Exercise directions:
The records below must be transcribed exactly, with each picture left out.
[Opening Record set section]
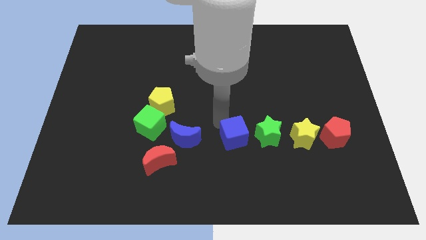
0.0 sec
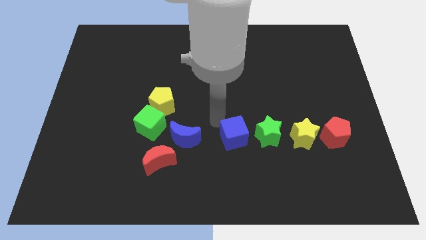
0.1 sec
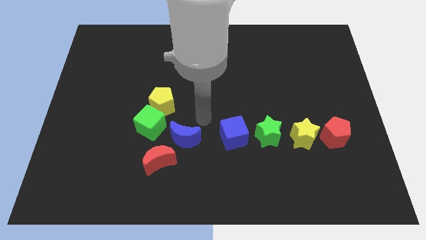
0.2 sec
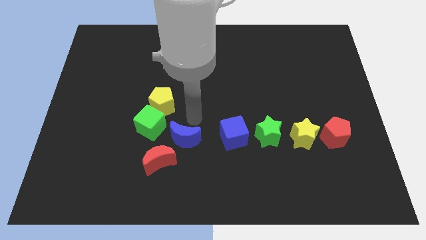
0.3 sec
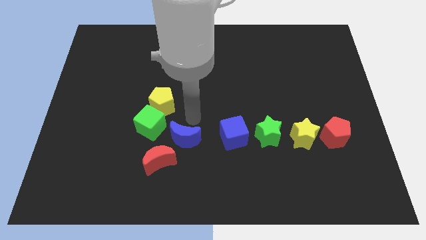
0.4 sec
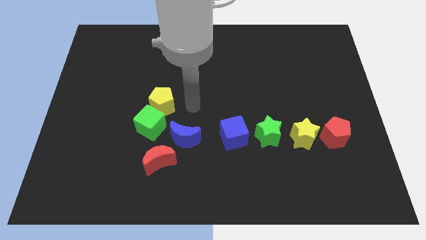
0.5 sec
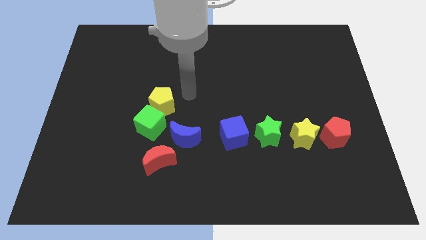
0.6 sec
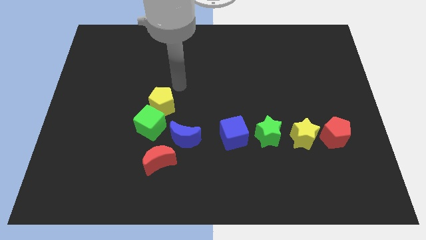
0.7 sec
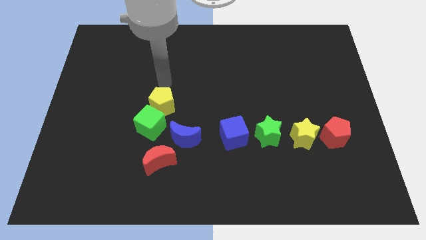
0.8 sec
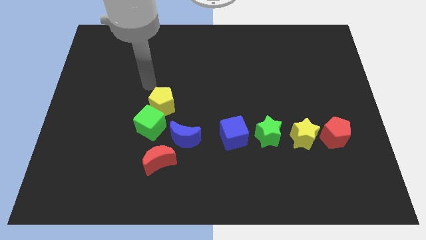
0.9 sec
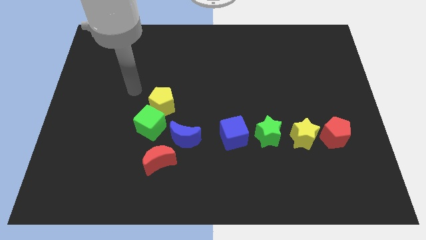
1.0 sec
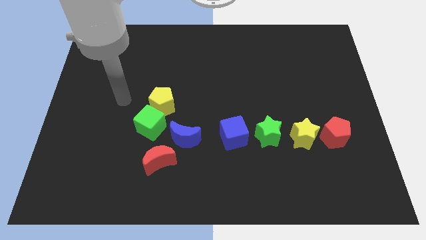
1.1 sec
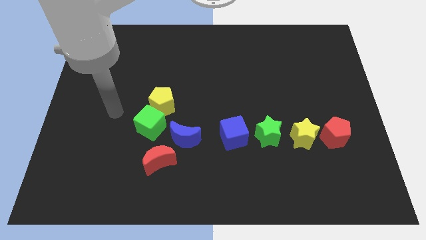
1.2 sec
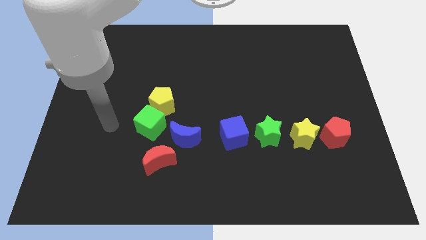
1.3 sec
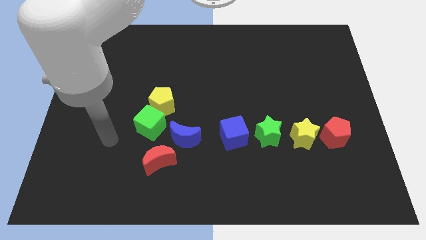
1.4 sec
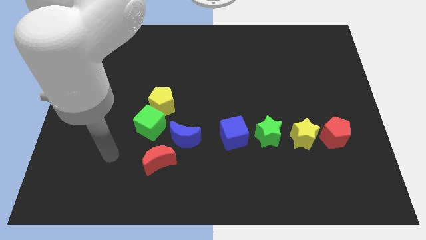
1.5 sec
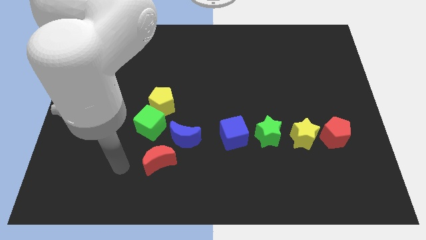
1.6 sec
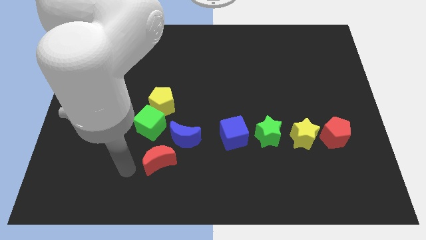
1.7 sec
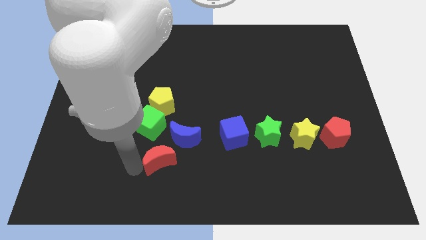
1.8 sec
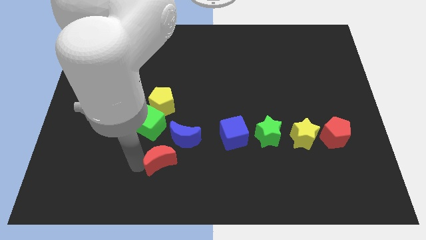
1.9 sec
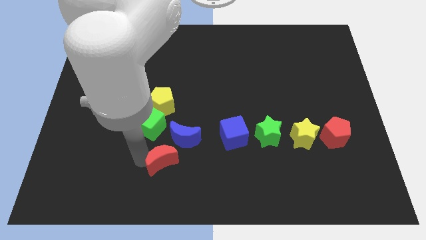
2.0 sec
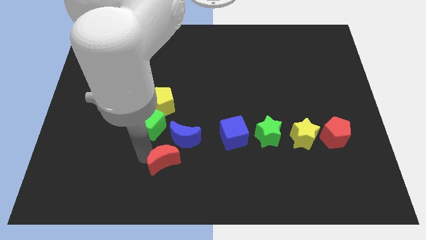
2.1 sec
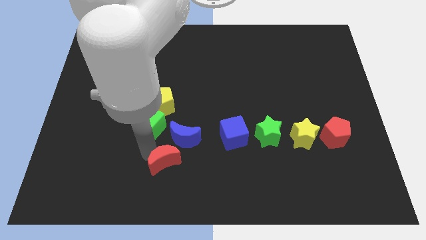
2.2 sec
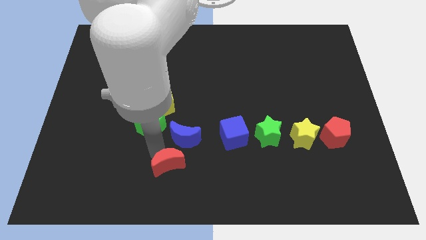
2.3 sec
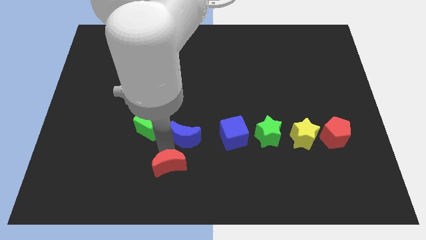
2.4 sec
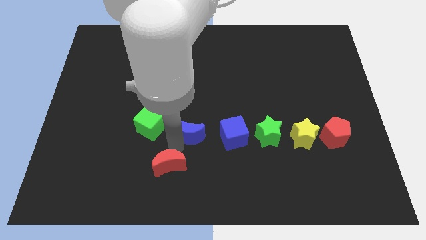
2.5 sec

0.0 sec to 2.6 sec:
move your arm from blue cube to the bottom of blue crescent

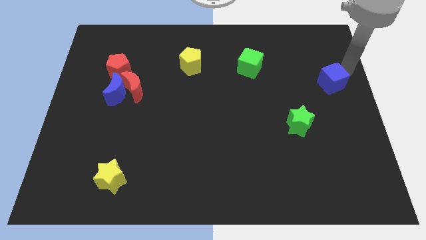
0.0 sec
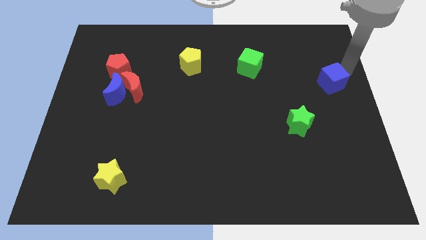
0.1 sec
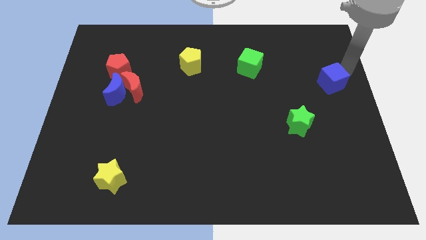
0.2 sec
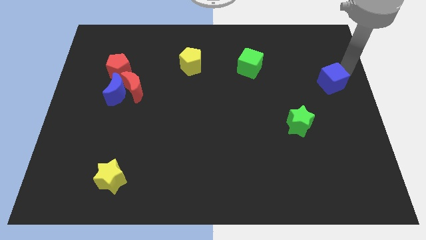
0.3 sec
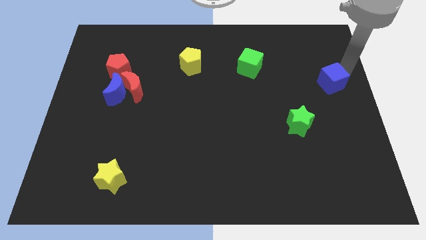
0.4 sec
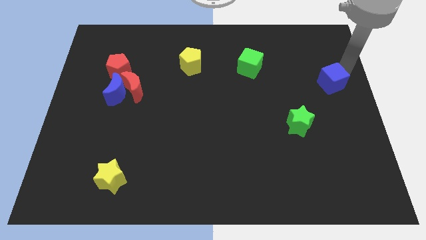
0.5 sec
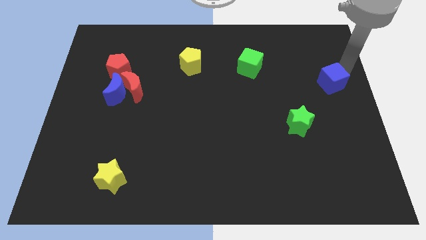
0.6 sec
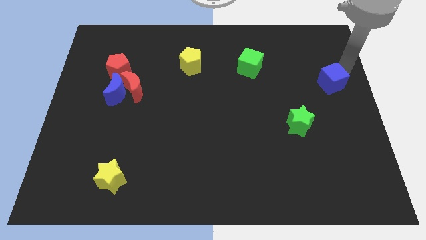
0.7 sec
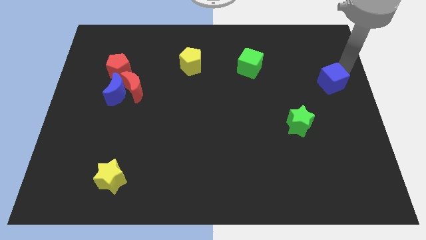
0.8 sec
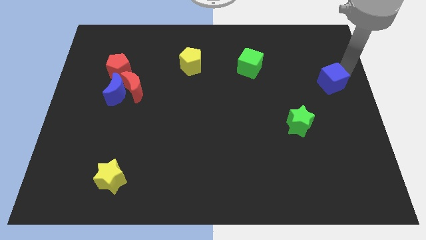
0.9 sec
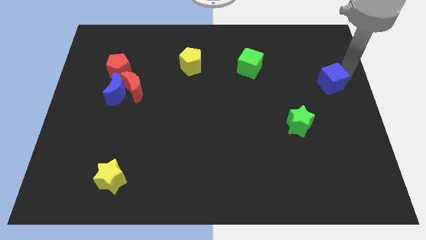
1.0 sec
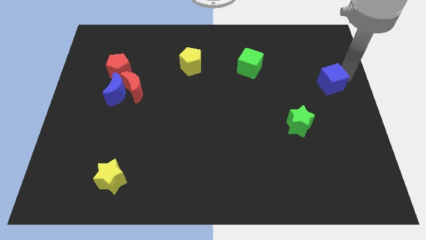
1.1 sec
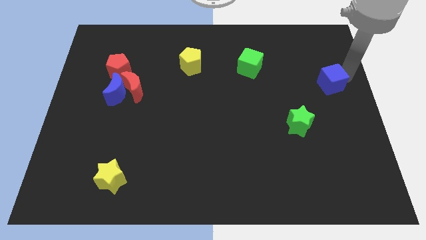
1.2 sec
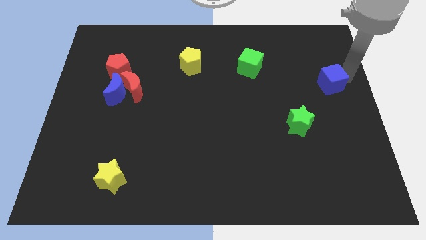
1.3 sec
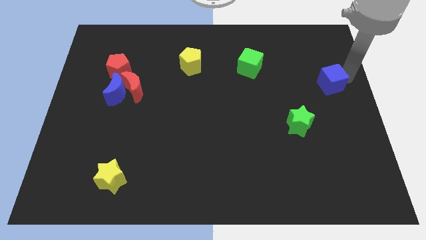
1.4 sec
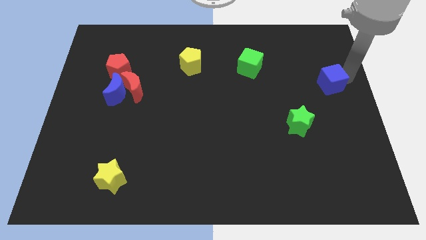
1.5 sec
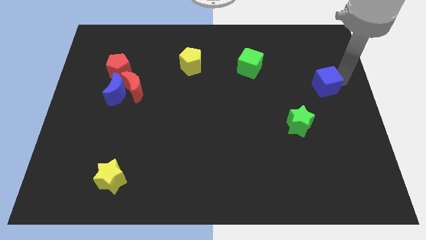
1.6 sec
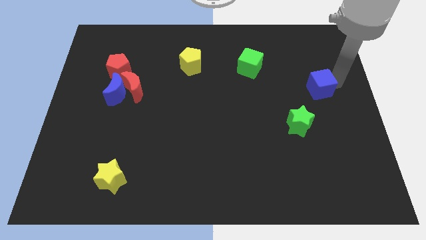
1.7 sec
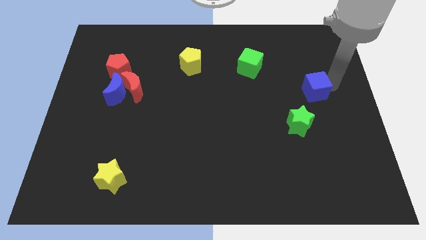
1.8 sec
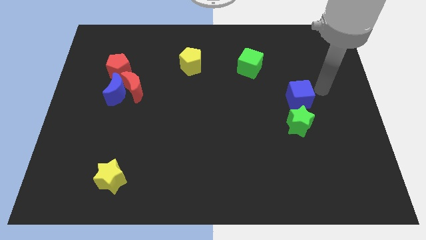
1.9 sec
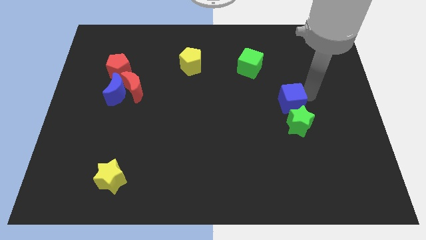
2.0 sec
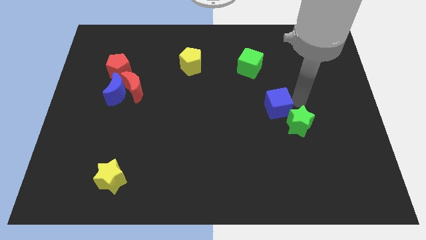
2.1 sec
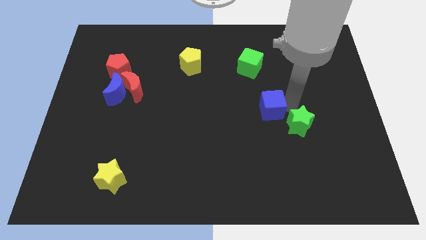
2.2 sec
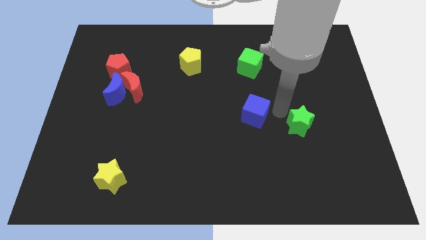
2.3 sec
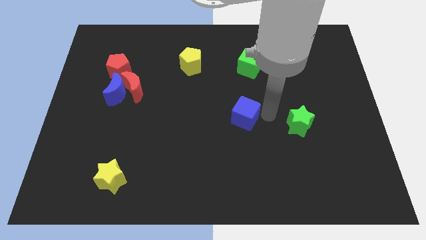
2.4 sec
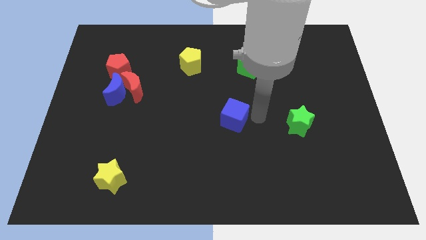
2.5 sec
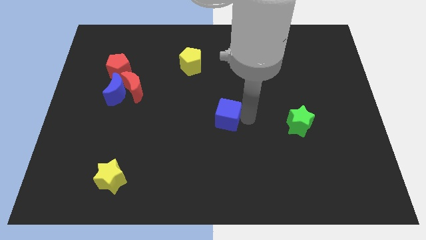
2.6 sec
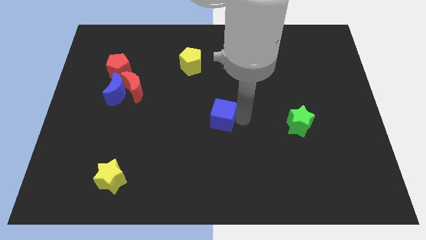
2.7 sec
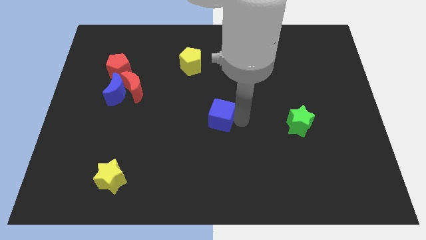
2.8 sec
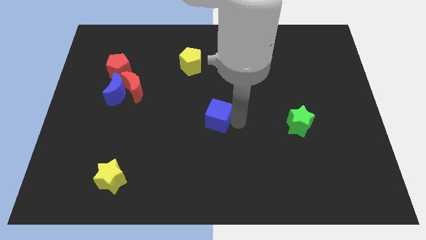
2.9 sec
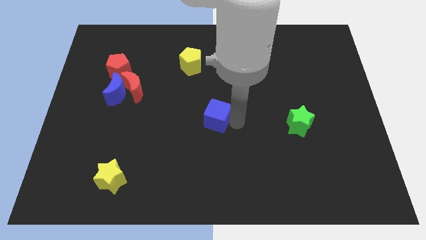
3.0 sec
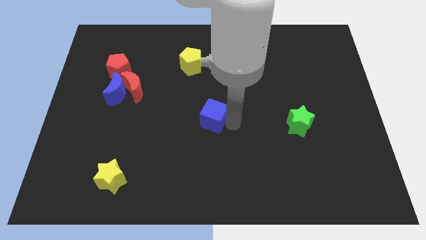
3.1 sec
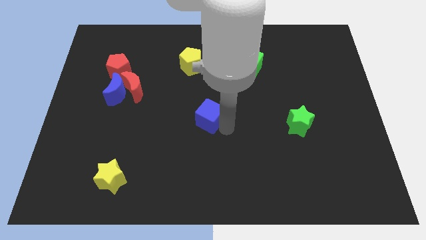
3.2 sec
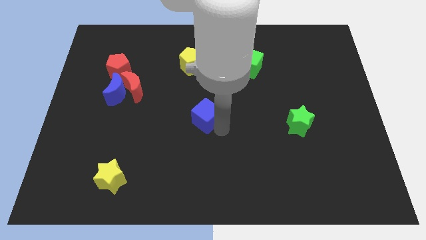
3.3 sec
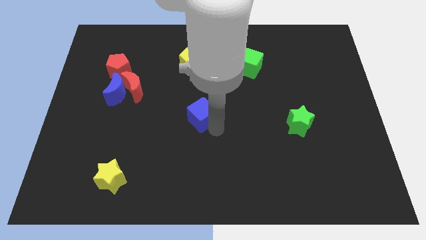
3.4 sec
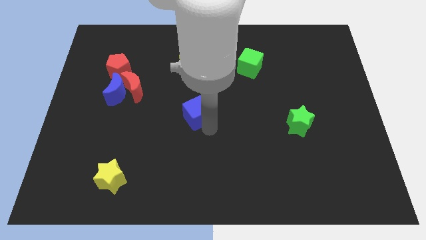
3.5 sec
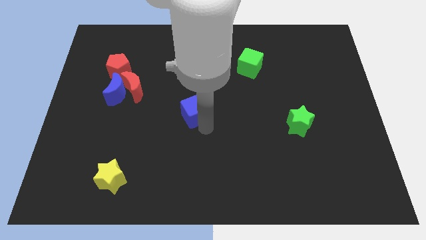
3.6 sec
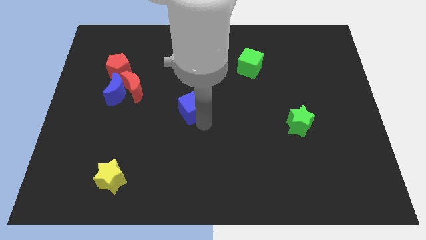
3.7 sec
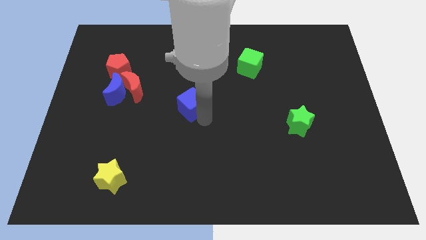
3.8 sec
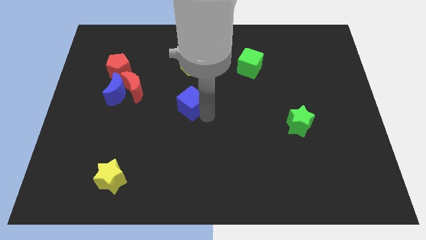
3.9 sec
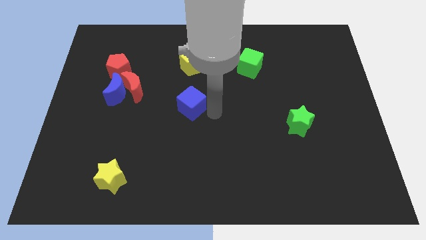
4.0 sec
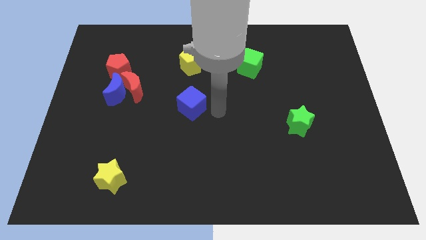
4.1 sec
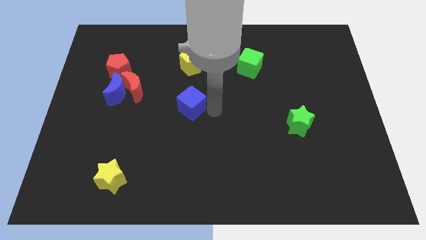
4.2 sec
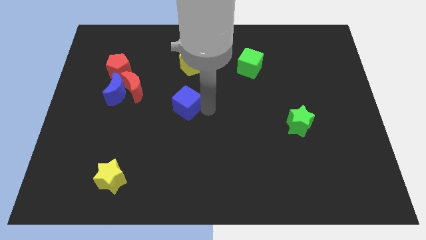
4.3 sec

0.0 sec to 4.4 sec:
[Closing Record set section]
Exercise result:
0.0 sec
0.1 sec
0.2 sec
0.3 sec
0.4 sec
0.5 sec
0.6 sec
0.7 sec
0.8 sec
0.9 sec
1.0 sec
1.1 sec
1.2 sec
1.3 sec
1.4 sec
1.5 sec
1.6 sec
1.7 sec
1.8 sec
1.9 sec
2.0 sec
2.1 sec
2.2 sec
2.3 sec
2.4 sec
2.5 sec

0.0 sec to 2.6 sec:
move your arm from blue cube to the bottom of blue crescent

0.0 sec
0.1 sec
0.2 sec
0.3 sec
0.4 sec
0.5 sec
0.6 sec
0.7 sec
0.8 sec
0.9 sec
1.0 sec
1.1 sec
1.2 sec
1.3 sec
1.4 sec
1.5 sec
1.6 sec
1.7 sec
1.8 sec
1.9 sec
2.0 sec
2.1 sec
2.2 sec
2.3 sec
2.4 sec
2.5 sec
2.6 sec
2.7 sec
2.8 sec
2.9 sec
3.0 sec
3.1 sec
3.2 sec
3.3 sec
3.4 sec
3.5 sec
3.6 sec
3.7 sec
3.8 sec
3.9 sec
4.0 sec
4.1 sec
4.2 sec
4.3 sec

0.0 sec to 4.4 sec:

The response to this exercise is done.